Die COVID-19-Pandemie unterstreicht die Chancen der Telemedizin. Die RHÖN-KLINIKUM AG hat Ende 2019 gemeinsam mit dem Schweizer Telemedizin-Pionier Medgate die Medgate Deutschland GmbH gegründet. Im ersten Quartal standen die weitere Personalakquise sowie die gezielte Umsetzung technischer und organisatorischer Maßnahmen für deren Start im zweiten Halbjahr 2020 auf der Agenda. Die Gespräche mit gesetzlichen und privaten Versicherungsgesellschaften stießen insgesamt auf positive Resonanz. Ziel von Medgate Deutschland ist es, mit dem Angebot im Bereich Telemedizin und Digital Health einen wichtigen Beitrag zur Verbesserung der Gesundheitsversorgung in Deutschland zu leisten. Das Angebot richtet sich am Bedarf einer immer stärker digital werdenden Gesellschaft und deren Bedürfnissen nach einer effizienten, zeit- und ortsunabhängigen sowie qualitativ hochwertigen und raschen Gesundheitsversorgung aus.
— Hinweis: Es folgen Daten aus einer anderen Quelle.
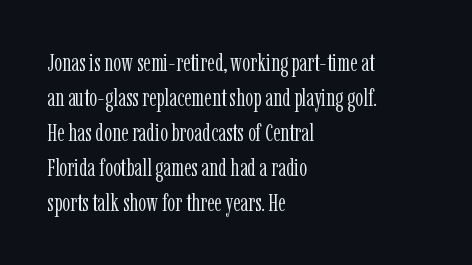
Q: Is the text bold? A: No.
Q: Is the text italic (slanted)? A: No, it is upright.
Q: Is the text underlined? A: No.
Q: How is the paragraph aligned? A: Left-aligned.
Q: Is the spacing between letters normal or unusually wide? A: Normal.
Q: Is the spacing between lines tight, normal or loose? A: Normal.
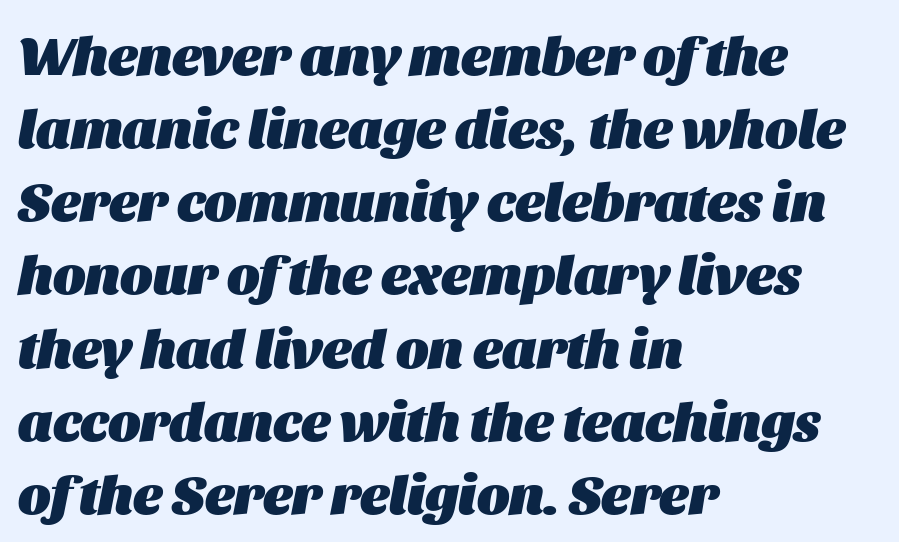
{"italic": "yes", "lean": "right", "slant_degrees": 11, "bold": "yes", "weight": "heavy", "width": "normal", "stroke_contrast": "medium", "x_height": "large", "monospaced": "no", "underline": "no", "align": "left", "line_spacing": "normal", "line_spacing_ratio": 1.33, "letter_spacing": "normal", "letter_spacing_em": 0.0, "glyph_px": 55}
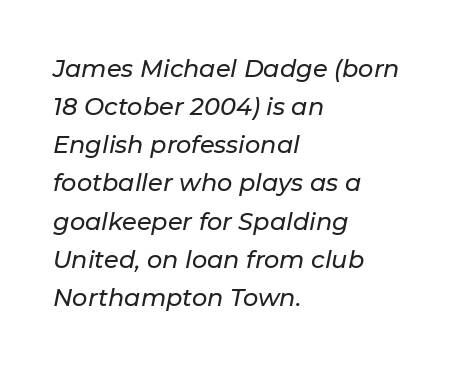
The image shows 24 px text type, italic (leaning right); set left-aligned, normal line spacing (1.59x), normal letter spacing, not underlined.
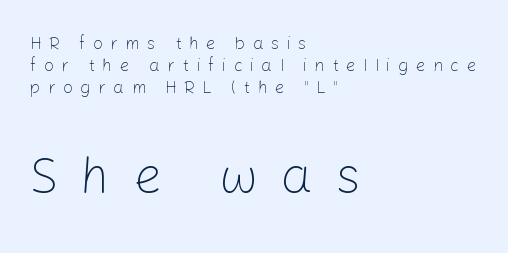
{"serif": "no", "italic": "no", "bold": "no", "weight": "light", "width": "normal", "stroke_contrast": "low", "x_height": "medium", "monospaced": "no", "underline": "no", "align": "left", "line_spacing": "normal", "line_spacing_ratio": 1.3, "letter_spacing": "wide", "letter_spacing_em": 0.44, "larger_block": "second", "size_ratio": 3.0, "glyph_px": 51}
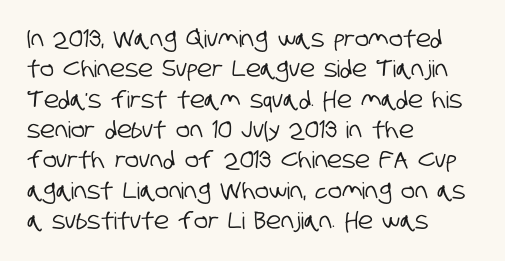
The image shows 23 px text type; set left-aligned, normal line spacing (1.32x), normal letter spacing, not underlined.
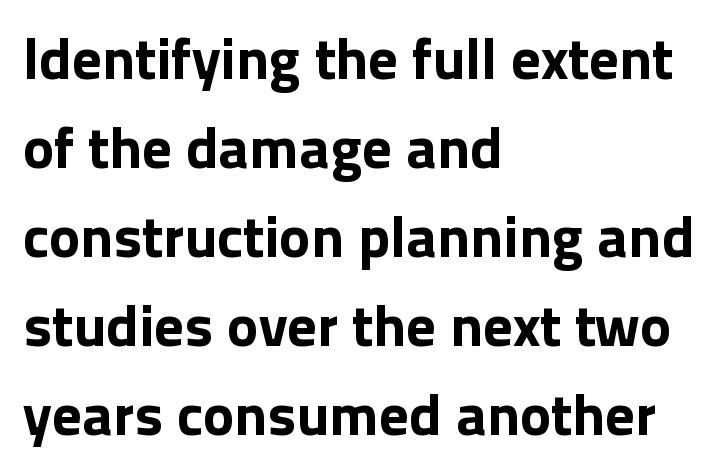
In terms of weight, the rendering is a true, heavy bold. Horizontally, the lines are justified to the leading edge only. No feet cap the strokes, marking this as sans-serif type. Varying glyph widths throughout — classic text-font behaviour. Words float on clear page, feet unadorned.

Übernahmeangebot - Angebotspreis von 18 Euro als angemessen erachtet

Die Asklepios Kliniken GmbH & Co. KGaA hat am 28. Februar 2020 der Gesellschaft mitgeteilt, dass sie beabsichtigt, den Aktionären der RHÖN-KLINIKUM Aktiengesellschaft ein freiwilliges öffentliches Übernahmeangebot für sämtliche ausstehenden Aktien der Gesellschaft gegen Zahlung einer Geldleistung in Höhe von 18,00 Euro je Aktie zu unterbreiten. Nachdem die Angebotsunterlage Anfang April 2020 veröffentlicht wurde, haben Vorstand und Aufsichtsrat der RHÖN-KLINIKUM AG sie sorgfältig geprüft und sich in getrennten begründeten Stellungnahmen dazu geäußert.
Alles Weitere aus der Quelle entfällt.